Publication year - 1996
Publication title -
british journal of pharmacology
Language(s) - English
Resource type - Journals
SCImago Journal Rank - 2.432
H-Index - 211
eISSN - 1476-5381
pISSN - 0007-1188
DOI - 10.1111/j.1476-5381.1996.tb15201.x
Subject(s) - insulin , tolbutamide , diazoxide , medicine , endocrinology , chemistry , drug interaction , pharmacology , quinolone , forskolin , pancreatic islets , lomefloxacin , antibiotics , islet , biology , stimulation , norfloxacin , biochemistry , ciprofloxacin , pharmacokinetics
1 The present study was undertaken to elucidate the mechanism(s) of hypoglycaemia caused by quinolone antibiotics.
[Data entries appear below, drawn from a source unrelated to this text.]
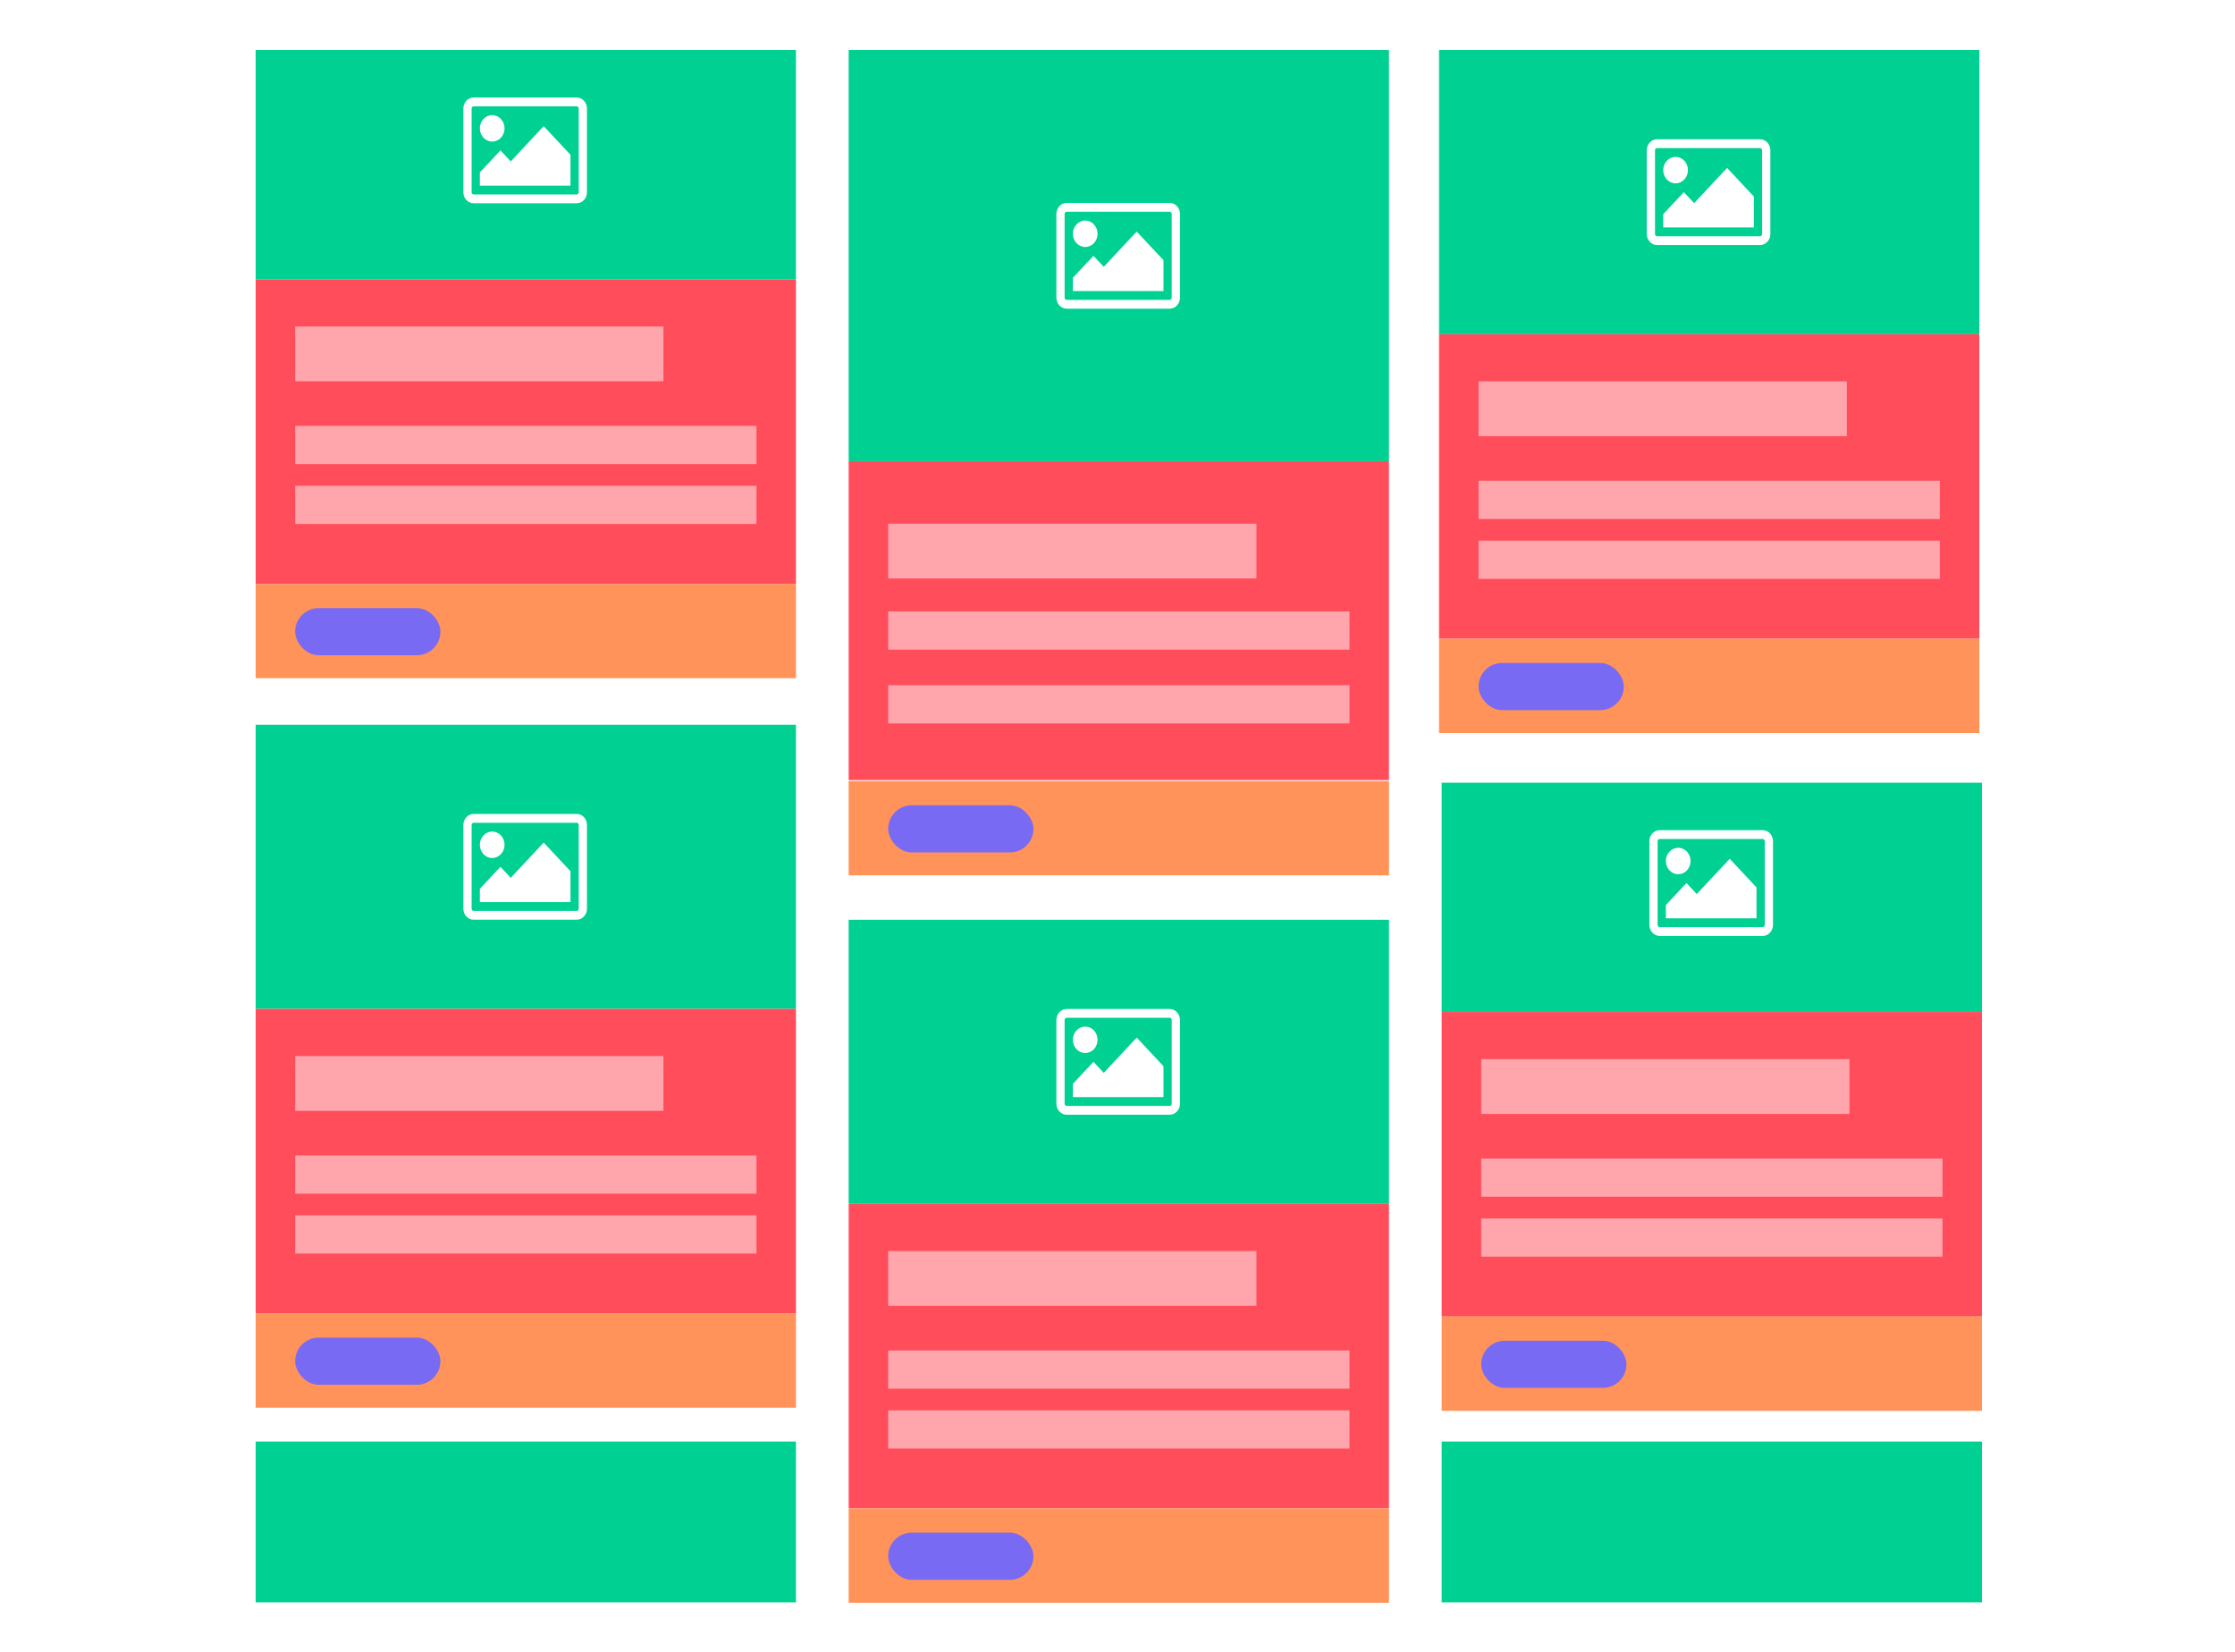 <svg width="848" height="627" viewBox="0 0 848 627" fill="none" xmlns="http://www.w3.org/2000/svg">
<rect width="848" height="627" fill="white"/>
<rect x="322" y="19" width="205" height="156" fill="#00D091"/>
<rect x="322" y="175" width="205" height="121" fill="#FF4D5B"/>
<rect x="322" y="296.373" width="205" height="35.778" fill="#FF935A"/>
<path d="M447.708 112.95C447.708 115.249 445.949 117.13 443.8 117.13H404.717C402.567 117.13 400.809 115.249 400.809 112.95V81.18C400.809 78.881 402.567 77 404.717 77H443.8C445.949 77 447.708 78.881 447.708 81.18V112.95ZM404.717 80.344C404.302 80.344 403.936 80.737 403.936 81.179V112.949C403.936 113.393 404.302 113.785 404.717 113.785H443.8C444.214 113.785 444.582 113.393 444.582 112.949V81.179C444.582 80.737 444.214 80.344 443.8 80.344H404.717ZM411.753 93.72C409.163 93.72 407.061 91.474 407.061 88.705C407.061 85.936 409.163 83.688 411.753 83.688C414.341 83.688 416.441 85.936 416.441 88.705C416.441 91.474 414.341 93.72 411.753 93.72ZM441.454 110.442H407.061V105.424L414.878 97.066L418.786 101.244L431.293 87.87L441.454 98.738V110.442Z" fill="white"/>
<rect x="336.988" y="305.559" width="55.118" height="17.889" rx="8.945" fill="#796AF3"/>
<rect x="337" y="198.708" width="139.729" height="20.79" fill="white" fill-opacity="0.5"/>
<rect x="337" y="232" width="175.024" height="14.505" fill="white" fill-opacity="0.5"/>
<rect x="337" y="260" width="175.024" height="14.505" fill="white" fill-opacity="0.5"/>
<rect x="97" y="275" width="205" height="107.818" fill="#00D091"/>
<rect x="97" y="382.818" width="205" height="115.554" fill="#FF4D5B"/>
<rect x="97" y="498.373" width="205" height="35.778" fill="#FF935A"/>
<path d="M222.708 344.794C222.708 347.093 220.949 348.974 218.8 348.974H179.717C177.567 348.974 175.809 347.093 175.809 344.794V313.024C175.809 310.725 177.567 308.844 179.717 308.844H218.8C220.949 308.844 222.708 310.725 222.708 313.024V344.794ZM179.717 312.188C179.302 312.188 178.936 312.581 178.936 313.024V344.794C178.936 345.237 179.302 345.629 179.717 345.629H218.8C219.214 345.629 219.582 345.237 219.582 344.794V313.024C219.582 312.581 219.214 312.188 218.8 312.188H179.717ZM186.753 325.565C184.163 325.565 182.061 323.318 182.061 320.549C182.061 317.78 184.163 315.533 186.753 315.533C189.341 315.533 191.441 317.78 191.441 320.549C191.441 323.318 189.341 325.565 186.753 325.565ZM216.454 342.286H182.061V337.269L189.878 328.91L193.786 333.089L206.293 319.714L216.454 330.582V342.286Z" fill="white"/>
<rect x="111.988" y="507.559" width="55.118" height="17.889" rx="8.945" fill="#796AF3"/>
<rect x="111.988" y="400.708" width="139.729" height="20.79" fill="white" fill-opacity="0.5"/>
<rect x="111.988" y="438.42" width="175.024" height="14.505" fill="white" fill-opacity="0.5"/>
<rect x="111.988" y="461.144" width="175.024" height="14.505" fill="white" fill-opacity="0.5"/>
<rect x="97" y="19" width="205" height="87" fill="#00D091"/>
<rect x="97" y="106" width="205" height="115.554" fill="#FF4D5B"/>
<rect x="97" y="221.554" width="205" height="35.778" fill="#FF935A"/>
<path d="M222.708 72.95C222.708 75.249 220.949 77.13 218.8 77.13H179.717C177.567 77.13 175.809 75.249 175.809 72.95V41.18C175.809 38.881 177.567 37 179.717 37H218.8C220.949 37 222.708 38.881 222.708 41.18V72.95ZM179.717 40.344C179.302 40.344 178.936 40.737 178.936 41.179V72.949C178.936 73.393 179.302 73.785 179.717 73.785H218.8C219.214 73.785 219.582 73.393 219.582 72.949V41.179C219.582 40.737 219.214 40.344 218.8 40.344H179.717ZM186.753 53.72C184.163 53.72 182.061 51.474 182.061 48.705C182.061 45.936 184.163 43.688 186.753 43.688C189.341 43.688 191.441 45.936 191.441 48.705C191.441 51.474 189.341 53.72 186.753 53.72ZM216.454 70.442H182.061V65.424L189.878 57.066L193.786 61.244L206.293 47.87L216.454 58.738V70.442Z" fill="white"/>
<rect x="111.988" y="230.741" width="55.118" height="17.889" rx="8.945" fill="#796AF3"/>
<rect x="111.988" y="123.889" width="139.729" height="20.79" fill="white" fill-opacity="0.5"/>
<rect x="111.988" y="161.602" width="175.024" height="14.505" fill="white" fill-opacity="0.5"/>
<rect x="111.988" y="184.326" width="175.024" height="14.505" fill="white" fill-opacity="0.5"/>
<rect x="547" y="297" width="205" height="87" fill="#00D091"/>
<rect x="547" y="547" width="205" height="61" fill="#00D091"/>
<rect x="97" y="547" width="205" height="61" fill="#00D091"/>
<rect x="547" y="384" width="205" height="115.554" fill="#FF4D5B"/>
<rect x="547" y="499.554" width="205" height="35.778" fill="#FF935A"/>
<path d="M672.708 350.95C672.708 353.249 670.949 355.13 668.8 355.13H629.717C627.567 355.13 625.809 353.249 625.809 350.95V319.18C625.809 316.881 627.567 315 629.717 315H668.8C670.949 315 672.708 316.881 672.708 319.18V350.95ZM629.717 318.344C629.302 318.344 628.936 318.737 628.936 319.179V350.949C628.936 351.393 629.302 351.785 629.717 351.785H668.8C669.214 351.785 669.582 351.393 669.582 350.949V319.179C669.582 318.737 669.214 318.344 668.8 318.344H629.717ZM636.753 331.72C634.163 331.72 632.061 329.474 632.061 326.705C632.061 323.936 634.163 321.688 636.753 321.688C639.341 321.688 641.441 323.936 641.441 326.705C641.441 329.474 639.341 331.72 636.753 331.72ZM666.454 348.442H632.061V343.424L639.878 335.066L643.786 339.244L656.293 325.87L666.454 336.738V348.442Z" fill="white"/>
<rect x="561.988" y="508.741" width="55.118" height="17.889" rx="8.945" fill="#796AF3"/>
<rect x="561.988" y="401.889" width="139.729" height="20.79" fill="white" fill-opacity="0.5"/>
<rect x="561.988" y="439.602" width="175.024" height="14.505" fill="white" fill-opacity="0.5"/>
<rect x="561.988" y="462.326" width="175.024" height="14.505" fill="white" fill-opacity="0.5"/>
<rect x="322" y="349" width="205" height="107.818" fill="#00D091"/>
<rect x="322" y="456.818" width="205" height="115.554" fill="#FF4D5B"/>
<rect x="322" y="572.373" width="205" height="35.778" fill="#FF935A"/>
<path d="M447.708 418.794C447.708 421.093 445.949 422.974 443.8 422.974H404.717C402.567 422.974 400.809 421.093 400.809 418.794V387.024C400.809 384.725 402.567 382.844 404.717 382.844H443.8C445.949 382.844 447.708 384.725 447.708 387.024V418.794ZM404.717 386.188C404.302 386.188 403.936 386.581 403.936 387.024V418.794C403.936 419.237 404.302 419.629 404.717 419.629H443.8C444.214 419.629 444.582 419.237 444.582 418.794V387.024C444.582 386.581 444.214 386.188 443.8 386.188H404.717ZM411.753 399.565C409.163 399.565 407.061 397.318 407.061 394.549C407.061 391.78 409.163 389.533 411.753 389.533C414.341 389.533 416.441 391.78 416.441 394.549C416.441 397.318 414.341 399.565 411.753 399.565ZM441.454 416.286H407.061V411.269L414.878 402.91L418.786 407.089L431.293 393.714L441.454 404.582V416.286Z" fill="white"/>
<rect x="336.988" y="581.559" width="55.118" height="17.889" rx="8.945" fill="#796AF3"/>
<rect x="336.988" y="474.708" width="139.729" height="20.79" fill="white" fill-opacity="0.5"/>
<rect x="336.988" y="512.42" width="175.024" height="14.505" fill="white" fill-opacity="0.5"/>
<rect x="336.988" y="535.144" width="175.024" height="14.505" fill="white" fill-opacity="0.5"/>
<rect x="546" y="19" width="205" height="107.818" fill="#00D091"/>
<rect x="546" y="126.818" width="205" height="115.554" fill="#FF4D5B"/>
<rect x="546" y="242.373" width="205" height="35.778" fill="#FF935A"/>
<path d="M671.708 88.794C671.708 91.093 669.949 92.974 667.8 92.974H628.717C626.567 92.974 624.809 91.093 624.809 88.794V57.024C624.809 54.725 626.567 52.844 628.717 52.844H667.8C669.949 52.844 671.708 54.725 671.708 57.024V88.794ZM628.717 56.188C628.302 56.188 627.936 56.581 627.936 57.024V88.793C627.936 89.237 628.302 89.629 628.717 89.629H667.8C668.214 89.629 668.582 89.237 668.582 88.793V57.024C668.582 56.581 668.214 56.188 667.8 56.188H628.717ZM635.753 69.565C633.163 69.565 631.061 67.318 631.061 64.549C631.061 61.78 633.163 59.533 635.753 59.533C638.341 59.533 640.441 61.78 640.441 64.549C640.441 67.318 638.341 69.565 635.753 69.565ZM665.454 86.286H631.061V81.269L638.878 72.91L642.786 77.089L655.293 63.714L665.454 74.582V86.286Z" fill="white"/>
<rect x="560.988" y="251.559" width="55.118" height="17.889" rx="8.945" fill="#796AF3"/>
<rect x="560.988" y="144.708" width="139.729" height="20.79" fill="white" fill-opacity="0.5"/>
<rect x="560.988" y="182.42" width="175.024" height="14.505" fill="white" fill-opacity="0.5"/>
<rect x="560.988" y="205.144" width="175.024" height="14.505" fill="white" fill-opacity="0.5"/>
</svg>

We investigated the effects of various quinolone antibiotics on insulin release in rat pancreatic islets. 2 At a non‐stimulatory concentration of 3 mM glucose, lomefloxacin (LFLX) or sparfloxacin at 1 mM and pipemidic acid (0.1‐1 mM) induced slight insulin release but tosufloxacin or enoxacin up to 100 μ m did not. 3 At the stimulatory concentration of 10 mM glucose, all quinolones augmented insulin release in a dose‐dependent manner. LFLX (100 μ m ) shifted the dose‐response curve of glucose‐induced insulin release to the left without altering the maximal response. 4 At 10 mM glucose, LFLX (100 μ m ) increased insulin release augmented by forskolin (5 μ m ) or 12‐0‐tetradecanoyl phorbol‐13‐acetate (100 nM) but not by raising the K + concentration from 6 to 25 mM. 5 Verapamil (50 μ m ) or diazoxide (50–400 μ m ) antagonized the insulinotropic effect of LFLX. 6 These data suggest that quinolone antibiotics may cause hypoglycaemia by increasing insulin release via blockade of ATP‐sensitive K + channels.